▸ **What is expected**
Could you output every record below exactly, leaving out the pictures?
--- Information supplied Enclosed Below ---
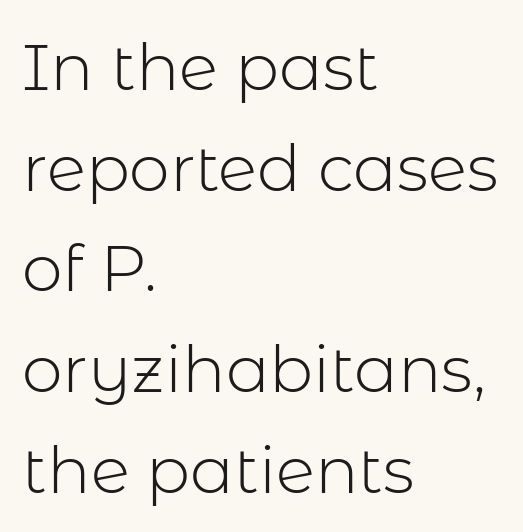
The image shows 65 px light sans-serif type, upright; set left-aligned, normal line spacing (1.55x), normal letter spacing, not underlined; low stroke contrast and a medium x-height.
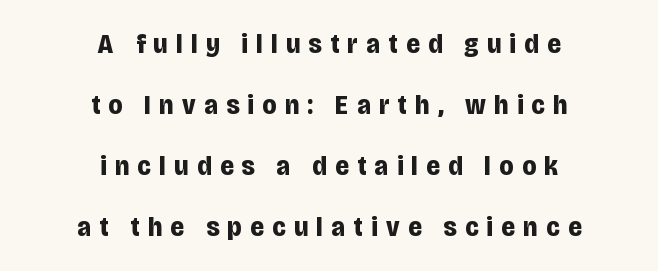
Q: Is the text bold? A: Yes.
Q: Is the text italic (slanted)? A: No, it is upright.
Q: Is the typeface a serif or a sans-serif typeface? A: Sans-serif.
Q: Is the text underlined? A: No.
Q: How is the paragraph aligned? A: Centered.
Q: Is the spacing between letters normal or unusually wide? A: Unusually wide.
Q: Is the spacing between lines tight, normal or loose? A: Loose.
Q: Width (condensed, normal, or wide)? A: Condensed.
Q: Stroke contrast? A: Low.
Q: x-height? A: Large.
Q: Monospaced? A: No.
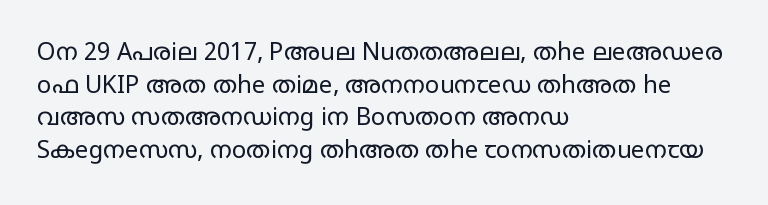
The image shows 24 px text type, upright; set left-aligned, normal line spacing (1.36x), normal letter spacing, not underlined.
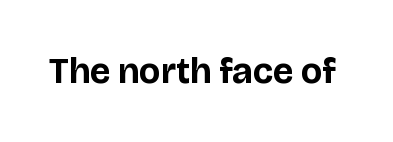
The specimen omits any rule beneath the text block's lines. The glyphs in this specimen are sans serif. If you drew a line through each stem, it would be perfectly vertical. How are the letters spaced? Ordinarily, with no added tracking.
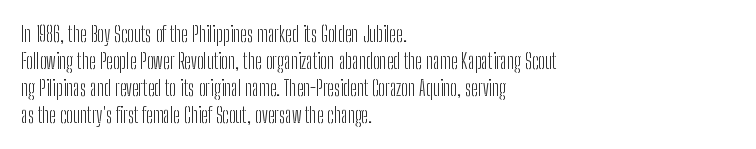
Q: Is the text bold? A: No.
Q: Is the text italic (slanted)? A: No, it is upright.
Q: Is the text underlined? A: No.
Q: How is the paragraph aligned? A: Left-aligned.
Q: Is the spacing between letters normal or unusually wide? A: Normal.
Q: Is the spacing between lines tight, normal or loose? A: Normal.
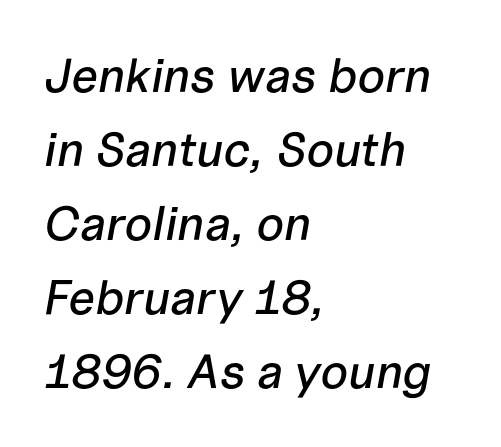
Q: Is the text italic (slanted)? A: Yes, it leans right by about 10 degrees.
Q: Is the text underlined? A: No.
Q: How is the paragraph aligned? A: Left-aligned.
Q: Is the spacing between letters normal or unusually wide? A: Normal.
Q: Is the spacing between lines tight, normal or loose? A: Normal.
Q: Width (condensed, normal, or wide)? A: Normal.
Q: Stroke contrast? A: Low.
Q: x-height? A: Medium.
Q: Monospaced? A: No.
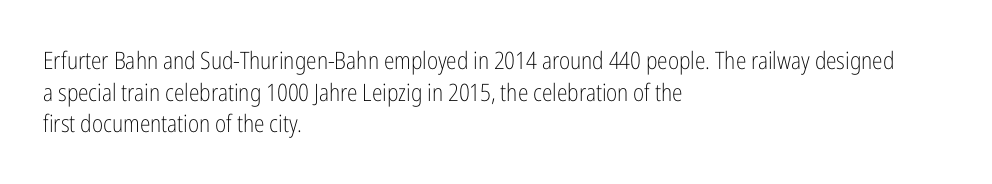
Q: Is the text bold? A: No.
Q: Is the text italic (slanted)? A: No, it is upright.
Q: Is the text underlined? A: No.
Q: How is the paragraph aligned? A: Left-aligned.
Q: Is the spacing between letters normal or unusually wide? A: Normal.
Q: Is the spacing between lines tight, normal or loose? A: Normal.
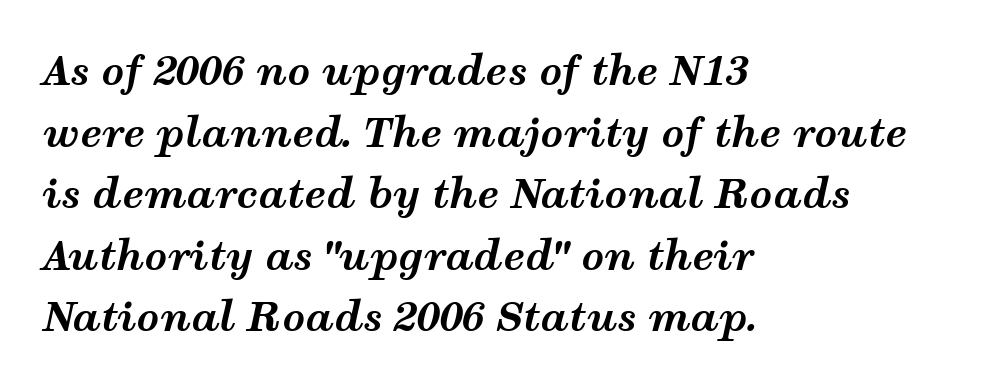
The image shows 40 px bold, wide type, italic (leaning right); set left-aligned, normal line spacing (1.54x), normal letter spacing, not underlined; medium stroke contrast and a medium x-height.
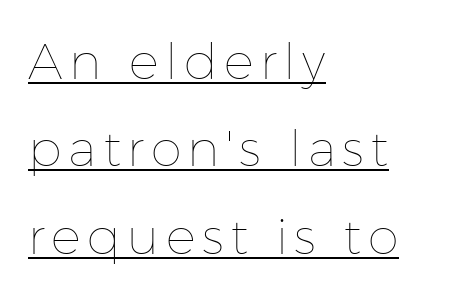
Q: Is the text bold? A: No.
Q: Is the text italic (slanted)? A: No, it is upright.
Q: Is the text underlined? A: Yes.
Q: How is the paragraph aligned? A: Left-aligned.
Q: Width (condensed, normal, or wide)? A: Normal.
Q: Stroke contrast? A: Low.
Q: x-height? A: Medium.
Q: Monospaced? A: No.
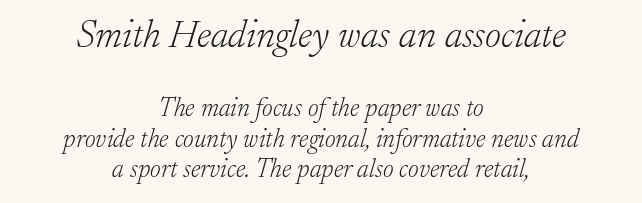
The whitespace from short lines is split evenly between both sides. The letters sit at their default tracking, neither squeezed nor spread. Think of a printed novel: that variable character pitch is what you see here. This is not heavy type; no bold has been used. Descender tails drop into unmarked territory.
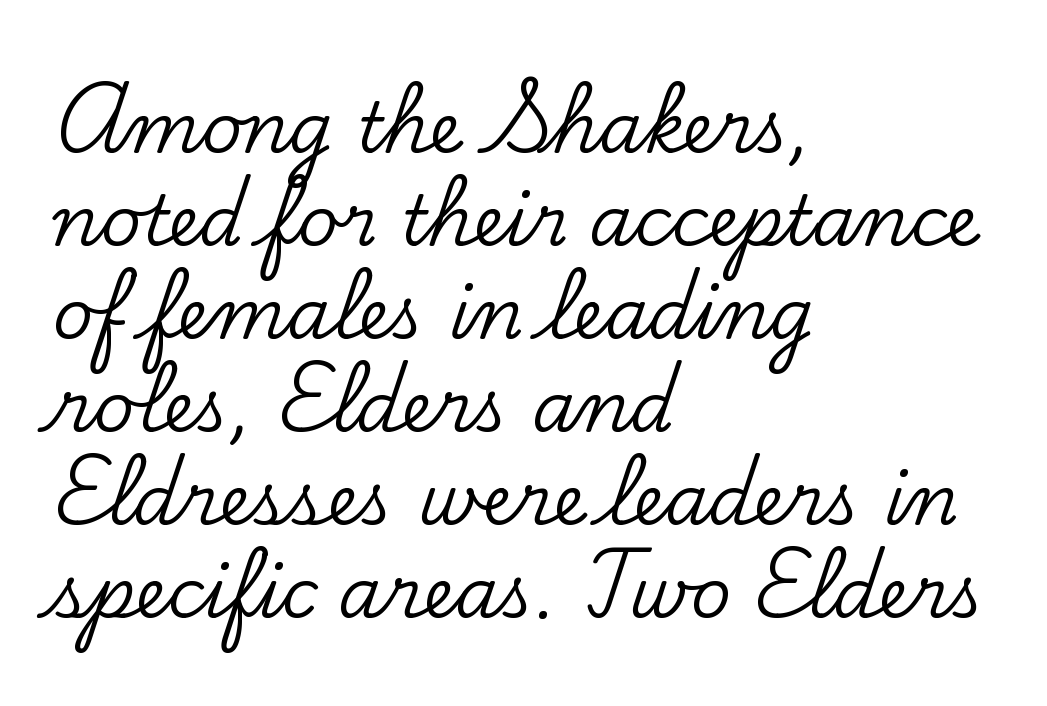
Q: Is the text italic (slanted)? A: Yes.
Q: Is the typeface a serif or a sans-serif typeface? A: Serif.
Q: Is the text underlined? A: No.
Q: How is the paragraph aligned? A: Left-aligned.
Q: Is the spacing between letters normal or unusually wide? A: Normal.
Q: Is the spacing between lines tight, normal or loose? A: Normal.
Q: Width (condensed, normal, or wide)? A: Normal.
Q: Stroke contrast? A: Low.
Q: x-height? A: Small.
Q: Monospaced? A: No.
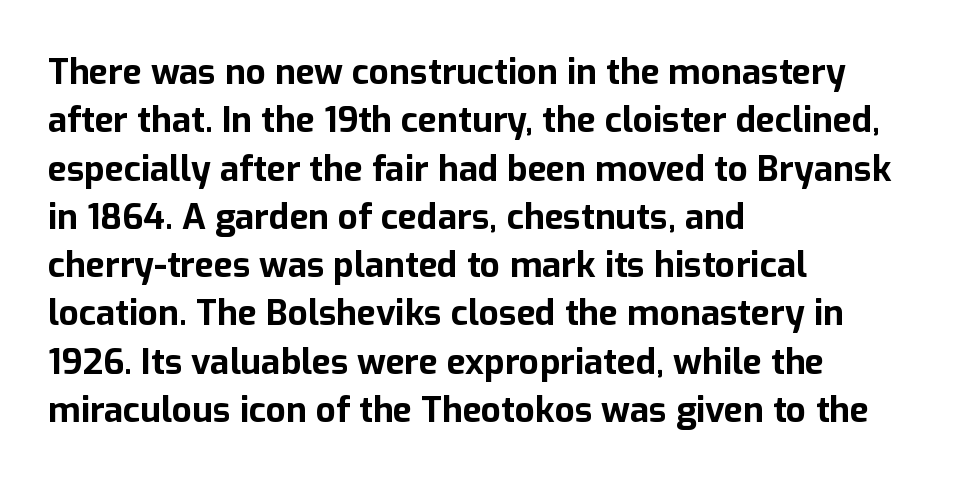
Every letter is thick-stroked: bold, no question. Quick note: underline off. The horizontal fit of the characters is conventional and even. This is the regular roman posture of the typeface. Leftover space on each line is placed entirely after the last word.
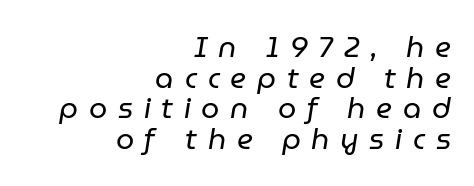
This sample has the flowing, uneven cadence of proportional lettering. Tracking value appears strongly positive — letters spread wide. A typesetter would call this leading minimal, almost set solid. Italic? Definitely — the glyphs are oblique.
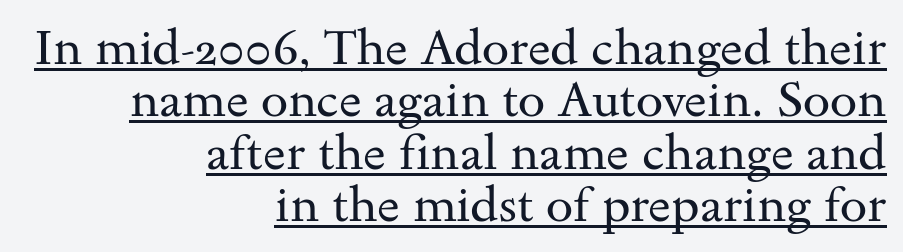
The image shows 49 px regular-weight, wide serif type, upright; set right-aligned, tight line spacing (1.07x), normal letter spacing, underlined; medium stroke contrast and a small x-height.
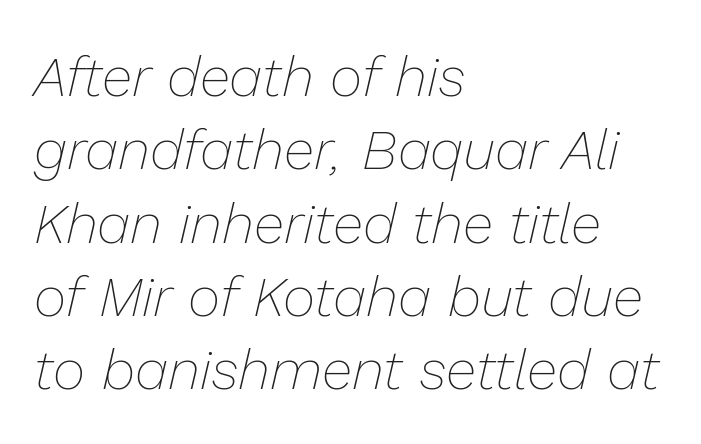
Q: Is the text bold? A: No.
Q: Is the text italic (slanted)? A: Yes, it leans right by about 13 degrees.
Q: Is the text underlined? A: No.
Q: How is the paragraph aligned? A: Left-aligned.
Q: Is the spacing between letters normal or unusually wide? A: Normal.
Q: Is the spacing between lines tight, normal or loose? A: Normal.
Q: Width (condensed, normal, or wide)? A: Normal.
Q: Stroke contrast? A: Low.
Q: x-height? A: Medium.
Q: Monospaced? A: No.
--- End of Enclosed Information supplied ---
▸ **Solution for this problem**
The image shows 65 px light sans-serif type, upright; set left-aligned, normal line spacing (1.55x), normal letter spacing, not underlined; low stroke contrast and a medium x-height.
Q: Is the text bold? A: Yes.
Q: Is the text italic (slanted)? A: No, it is upright.
Q: Is the typeface a serif or a sans-serif typeface? A: Sans-serif.
Q: Is the text underlined? A: No.
Q: How is the paragraph aligned? A: Centered.
Q: Is the spacing between letters normal or unusually wide? A: Unusually wide.
Q: Is the spacing between lines tight, normal or loose? A: Loose.
Q: Width (condensed, normal, or wide)? A: Condensed.
Q: Stroke contrast? A: Low.
Q: x-height? A: Large.
Q: Monospaced? A: No.
The image shows 24 px text type, upright; set left-aligned, normal line spacing (1.36x), normal letter spacing, not underlined.
The specimen omits any rule beneath the text block's lines. The glyphs in this specimen are sans serif. If you drew a line through each stem, it would be perfectly vertical. How are the letters spaced? Ordinarily, with no added tracking.
Q: Is the text bold? A: No.
Q: Is the text italic (slanted)? A: No, it is upright.
Q: Is the text underlined? A: No.
Q: How is the paragraph aligned? A: Left-aligned.
Q: Is the spacing between letters normal or unusually wide? A: Normal.
Q: Is the spacing between lines tight, normal or loose? A: Normal.
Q: Is the text italic (slanted)? A: Yes, it leans right by about 10 degrees.
Q: Is the text underlined? A: No.
Q: How is the paragraph aligned? A: Left-aligned.
Q: Is the spacing between letters normal or unusually wide? A: Normal.
Q: Is the spacing between lines tight, normal or loose? A: Normal.
Q: Width (condensed, normal, or wide)? A: Normal.
Q: Stroke contrast? A: Low.
Q: x-height? A: Medium.
Q: Monospaced? A: No.
Q: Is the text bold? A: No.
Q: Is the text italic (slanted)? A: No, it is upright.
Q: Is the text underlined? A: No.
Q: How is the paragraph aligned? A: Left-aligned.
Q: Is the spacing between letters normal or unusually wide? A: Normal.
Q: Is the spacing between lines tight, normal or loose? A: Normal.
The image shows 40 px bold, wide type, italic (leaning right); set left-aligned, normal line spacing (1.54x), normal letter spacing, not underlined; medium stroke contrast and a medium x-height.
Q: Is the text bold? A: No.
Q: Is the text italic (slanted)? A: No, it is upright.
Q: Is the text underlined? A: Yes.
Q: How is the paragraph aligned? A: Left-aligned.
Q: Width (condensed, normal, or wide)? A: Normal.
Q: Stroke contrast? A: Low.
Q: x-height? A: Medium.
Q: Monospaced? A: No.
The whitespace from short lines is split evenly between both sides. The letters sit at their default tracking, neither squeezed nor spread. Think of a printed novel: that variable character pitch is what you see here. This is not heavy type; no bold has been used. Descender tails drop into unmarked territory.
Q: Is the text italic (slanted)? A: Yes.
Q: Is the typeface a serif or a sans-serif typeface? A: Serif.
Q: Is the text underlined? A: No.
Q: How is the paragraph aligned? A: Left-aligned.
Q: Is the spacing between letters normal or unusually wide? A: Normal.
Q: Is the spacing between lines tight, normal or loose? A: Normal.
Q: Width (condensed, normal, or wide)? A: Normal.
Q: Stroke contrast? A: Low.
Q: x-height? A: Small.
Q: Monospaced? A: No.
Every letter is thick-stroked: bold, no question. Quick note: underline off. The horizontal fit of the characters is conventional and even. This is the regular roman posture of the typeface. Leftover space on each line is placed entirely after the last word.
This sample has the flowing, uneven cadence of proportional lettering. Tracking value appears strongly positive — letters spread wide. A typesetter would call this leading minimal, almost set solid. Italic? Definitely — the glyphs are oblique.
The image shows 49 px regular-weight, wide serif type, upright; set right-aligned, tight line spacing (1.07x), normal letter spacing, underlined; medium stroke contrast and a small x-height.
Q: Is the text bold? A: No.
Q: Is the text italic (slanted)? A: Yes, it leans right by about 13 degrees.
Q: Is the text underlined? A: No.
Q: How is the paragraph aligned? A: Left-aligned.
Q: Is the spacing between letters normal or unusually wide? A: Normal.
Q: Is the spacing between lines tight, normal or loose? A: Normal.
Q: Width (condensed, normal, or wide)? A: Normal.
Q: Stroke contrast? A: Low.
Q: x-height? A: Medium.
Q: Monospaced? A: No.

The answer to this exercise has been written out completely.